Since weather is my personal hobby-horse, would just like to note this:
"The Trump administration is planning to undo most of the cuts to the National Weather Service put in place earlier this year by the Department of Government Efficiency.
The National Oceanic and Atmospheric Administration has received permission to fill 450 positions at the National Weather Service, roles that will include meteorologists, hydrologists and radar technicians...."
So federal funds were wasted forcing key personnel out and more funds will be needed to to rehire them or train new people, fixing the blunder that was only recognized when Americans died needlessly due to weather events that could have been warned of by a fully functional agency.

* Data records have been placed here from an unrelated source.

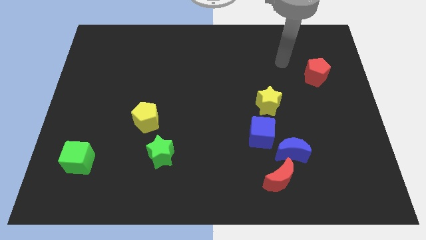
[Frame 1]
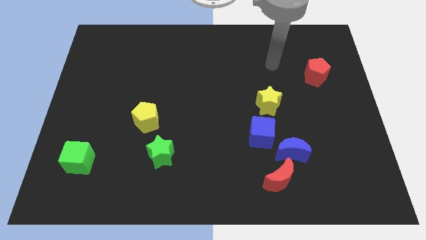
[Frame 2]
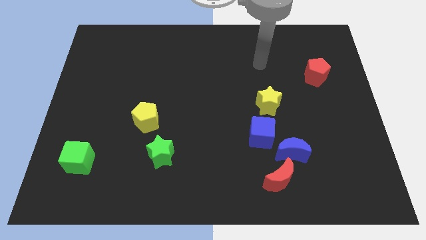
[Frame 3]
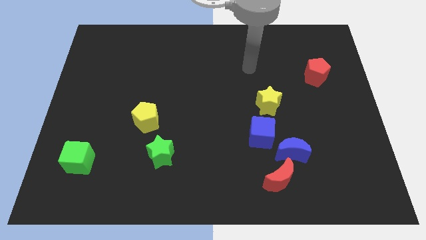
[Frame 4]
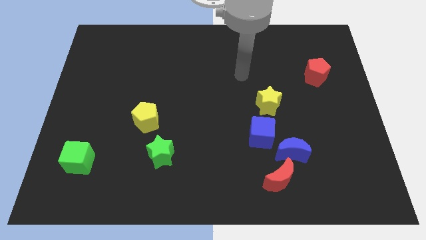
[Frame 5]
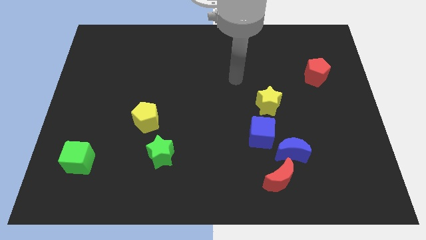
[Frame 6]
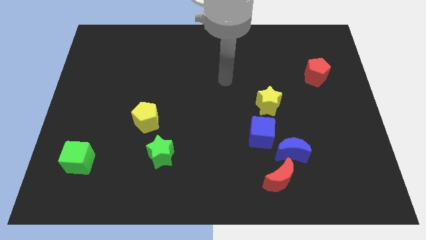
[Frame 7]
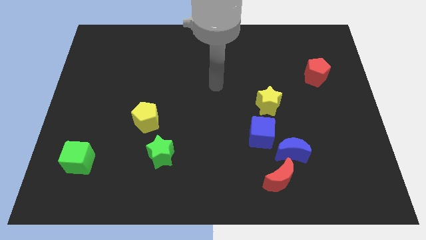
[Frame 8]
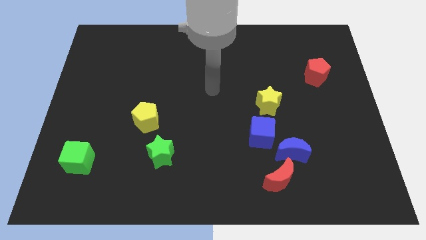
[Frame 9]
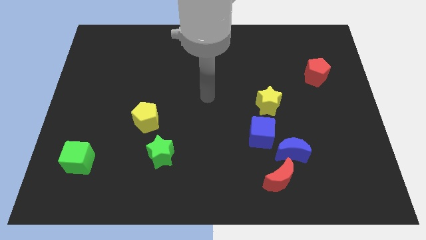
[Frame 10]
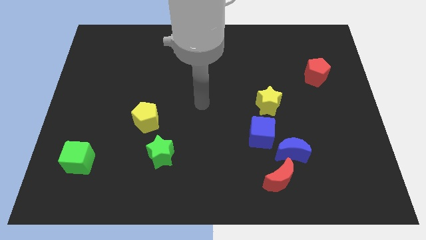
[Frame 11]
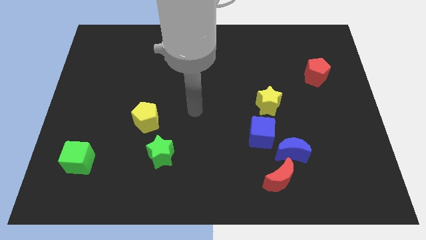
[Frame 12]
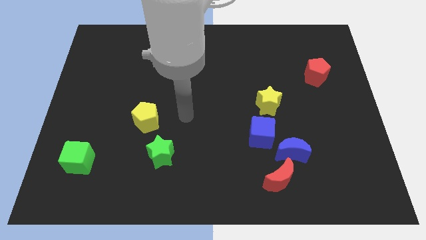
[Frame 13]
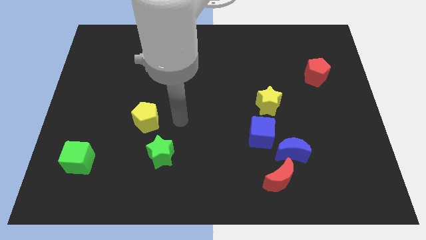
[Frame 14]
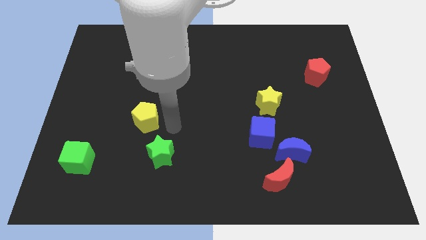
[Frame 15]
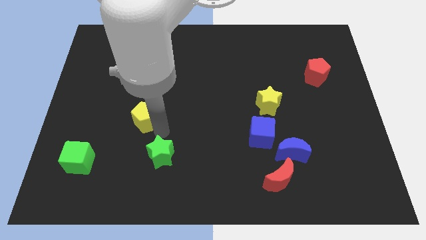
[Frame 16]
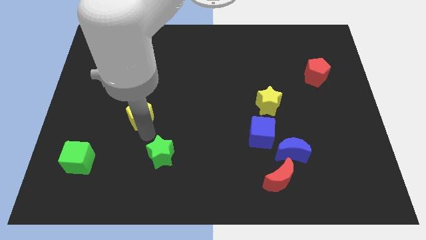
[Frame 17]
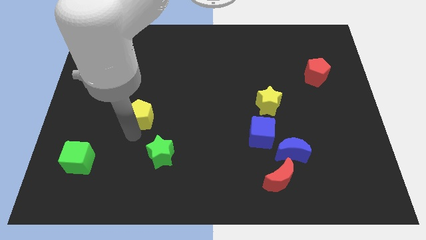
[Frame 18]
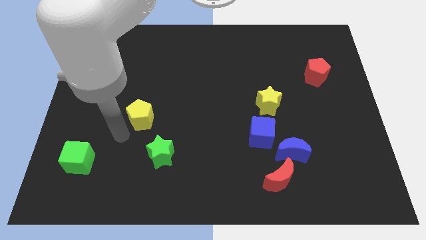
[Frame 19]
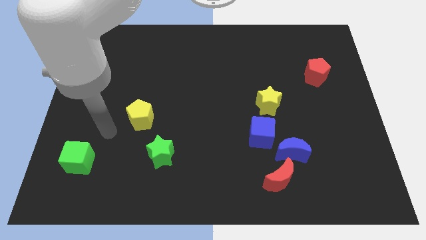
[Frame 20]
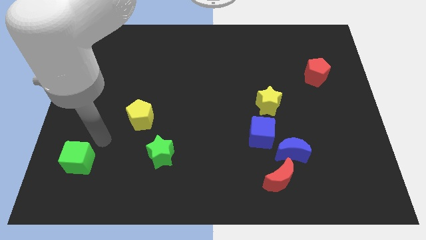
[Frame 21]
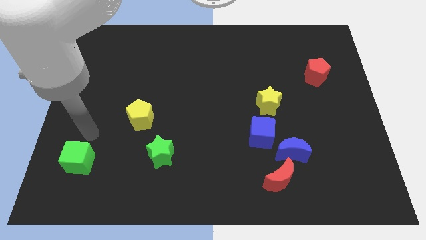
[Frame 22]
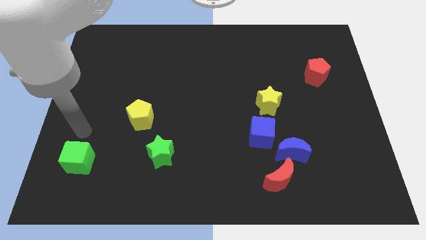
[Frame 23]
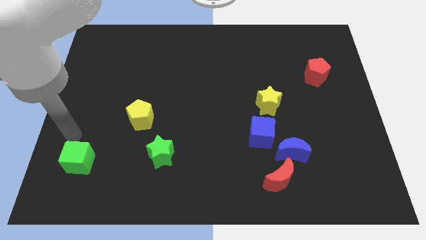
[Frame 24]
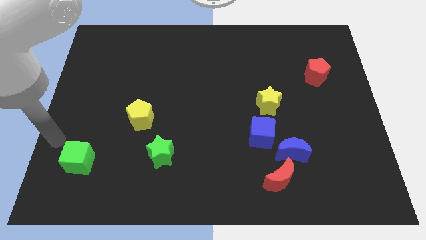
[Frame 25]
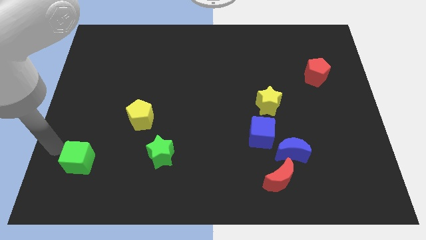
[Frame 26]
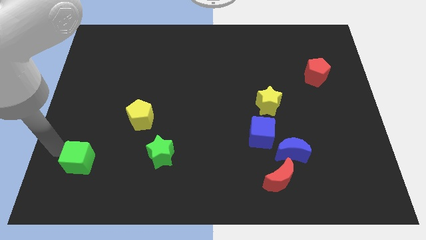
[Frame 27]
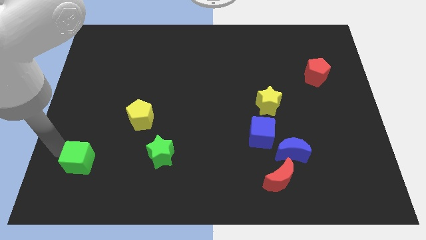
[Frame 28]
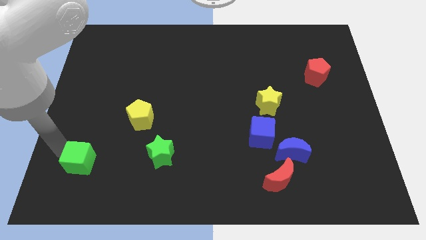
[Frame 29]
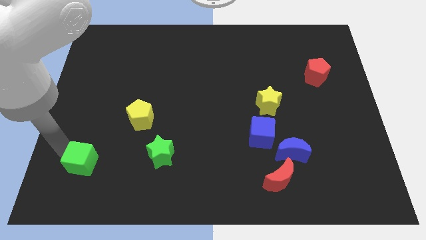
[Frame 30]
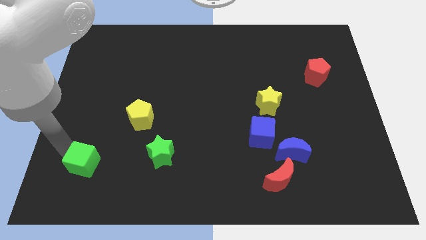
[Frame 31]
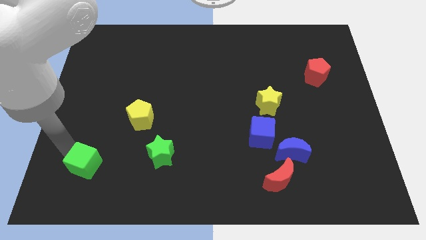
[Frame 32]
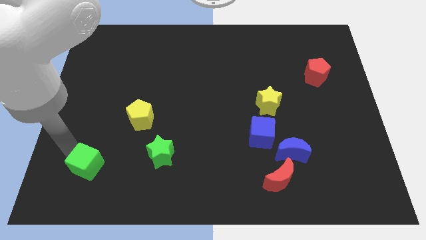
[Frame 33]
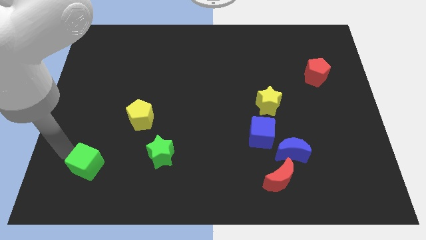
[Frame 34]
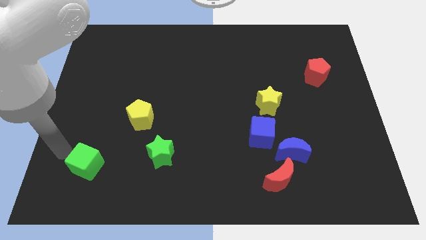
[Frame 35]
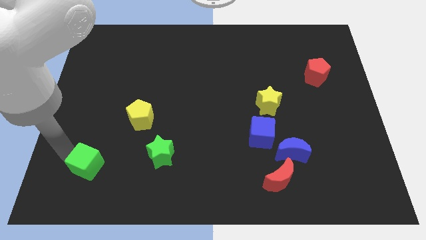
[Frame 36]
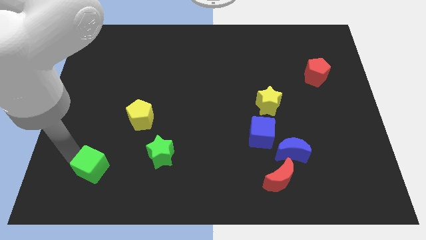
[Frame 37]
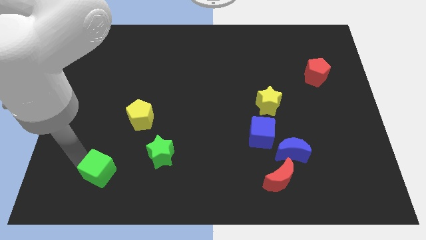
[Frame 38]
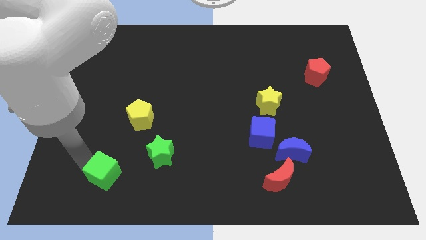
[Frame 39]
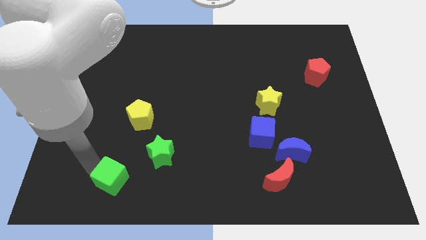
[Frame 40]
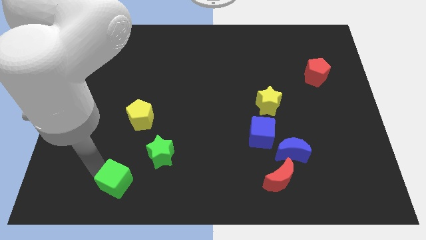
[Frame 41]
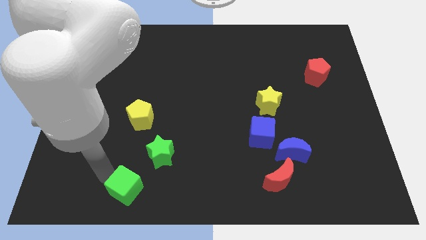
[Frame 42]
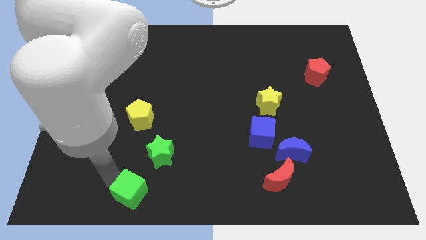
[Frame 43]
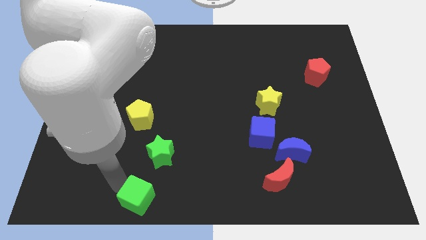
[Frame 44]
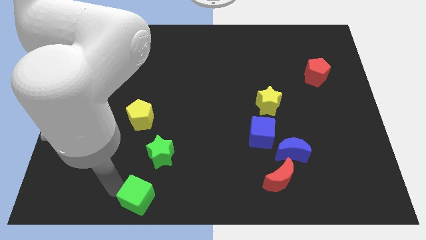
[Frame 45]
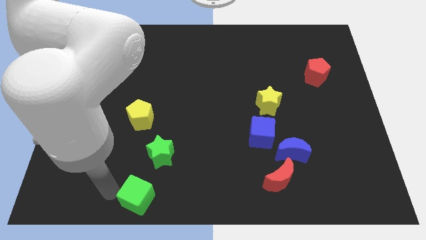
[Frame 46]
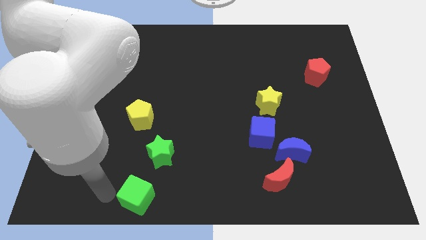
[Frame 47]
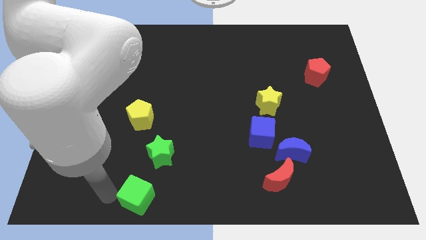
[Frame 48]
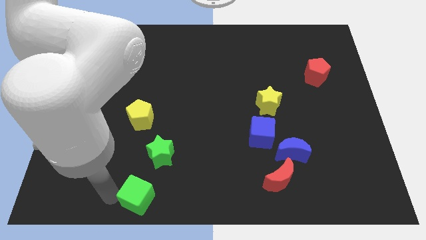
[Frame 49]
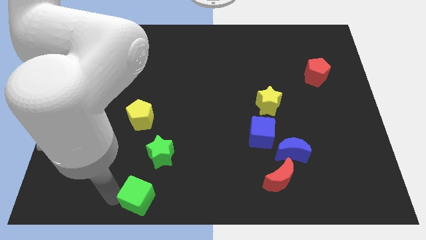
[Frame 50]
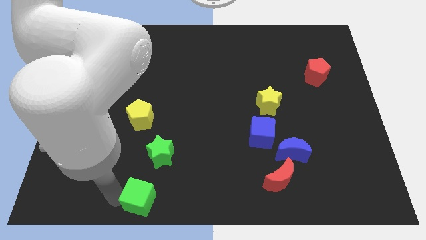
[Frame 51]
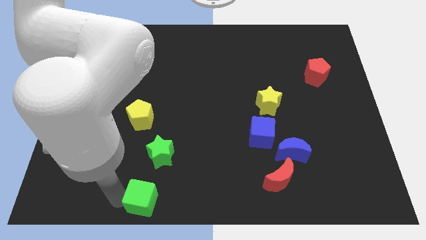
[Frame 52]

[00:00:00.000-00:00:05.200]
move the green cube to the bottom side

Good job Project 2025. Add those deaths to the overseas butcher's bill of dead children that went unfed with the destruction of USAID, which led to emergency food supplies already paid for being burned rather than distributed, and the potential deaths yet to come from the demise of the mRNA vaccine research process and halting of cancer research. I am sure it's all worth it for those billionaire tax cuts.
Pappenheimer
addendum - in my job I spoke to a customer who'd had the notion implanted that defunding USAID would allow a refund check for $ thousands to be send out to every American. I advised he check on the USAID budget, look up the US population, and do some math, because in the unlikely circumstance that the $ wouldn't get vacuumed up by Musk et al, he wasn't getting that kind of cash. Not that he would do that; that'd be too much like work*.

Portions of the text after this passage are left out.